## Exercise:
The whole of the data, every line, should come back exactly the same.

## Extracted records:
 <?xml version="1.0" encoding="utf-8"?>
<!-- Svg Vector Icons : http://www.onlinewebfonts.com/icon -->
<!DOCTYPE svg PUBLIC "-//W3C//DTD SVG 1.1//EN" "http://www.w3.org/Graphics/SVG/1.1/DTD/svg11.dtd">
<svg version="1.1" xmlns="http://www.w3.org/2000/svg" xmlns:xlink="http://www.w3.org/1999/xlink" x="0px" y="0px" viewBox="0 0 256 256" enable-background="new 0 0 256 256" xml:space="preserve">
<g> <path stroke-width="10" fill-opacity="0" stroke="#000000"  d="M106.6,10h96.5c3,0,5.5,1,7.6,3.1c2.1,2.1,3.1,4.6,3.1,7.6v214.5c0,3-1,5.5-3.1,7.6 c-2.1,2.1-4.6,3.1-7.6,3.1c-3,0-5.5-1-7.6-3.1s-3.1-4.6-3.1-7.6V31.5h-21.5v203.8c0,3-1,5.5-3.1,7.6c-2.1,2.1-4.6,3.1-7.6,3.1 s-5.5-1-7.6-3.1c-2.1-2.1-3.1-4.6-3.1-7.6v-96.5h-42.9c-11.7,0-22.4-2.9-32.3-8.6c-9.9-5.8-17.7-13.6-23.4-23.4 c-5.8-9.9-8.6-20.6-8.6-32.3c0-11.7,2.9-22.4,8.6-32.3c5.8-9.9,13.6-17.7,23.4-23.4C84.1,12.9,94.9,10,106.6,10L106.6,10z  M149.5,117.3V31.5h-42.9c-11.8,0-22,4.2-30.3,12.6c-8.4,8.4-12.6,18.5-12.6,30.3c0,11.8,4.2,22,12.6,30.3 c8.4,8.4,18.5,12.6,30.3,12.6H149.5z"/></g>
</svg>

## Answer space:
 <?xml version="1.0" encoding="utf-8"?>
<!-- Svg Vector Icons : http://www.onlinewebfonts.com/icon -->
<!DOCTYPE svg PUBLIC "-//W3C//DTD SVG 1.1//EN" "http://www.w3.org/Graphics/SVG/1.1/DTD/svg11.dtd">
<svg version="1.1" xmlns="http://www.w3.org/2000/svg" xmlns:xlink="http://www.w3.org/1999/xlink" x="0px" y="0px" viewBox="0 0 256 256" enable-background="new 0 0 256 256" xml:space="preserve">
<g> <path stroke-width="10" fill-opacity="0" stroke="#000000"  d="M106.6,10h96.5c3,0,5.5,1,7.6,3.1c2.1,2.1,3.1,4.6,3.1,7.6v214.5c0,3-1,5.5-3.1,7.6 c-2.1,2.1-4.6,3.1-7.6,3.1c-3,0-5.5-1-7.6-3.1s-3.1-4.6-3.1-7.6V31.5h-21.5v203.8c0,3-1,5.5-3.1,7.6c-2.1,2.1-4.6,3.1-7.6,3.1 s-5.5-1-7.6-3.1c-2.1-2.1-3.1-4.6-3.1-7.6v-96.5h-42.9c-11.7,0-22.4-2.9-32.3-8.6c-9.9-5.8-17.7-13.6-23.4-23.4 c-5.8-9.9-8.6-20.6-8.6-32.3c0-11.7,2.9-22.4,8.6-32.3c5.8-9.9,13.6-17.7,23.4-23.4C84.1,12.9,94.9,10,106.6,10L106.6,10z  M149.5,117.3V31.5h-42.9c-11.8,0-22,4.2-30.3,12.6c-8.4,8.4-12.6,18.5-12.6,30.3c0,11.8,4.2,22,12.6,30.3 c8.4,8.4,18.5,12.6,30.3,12.6H149.5z"/></g>
</svg>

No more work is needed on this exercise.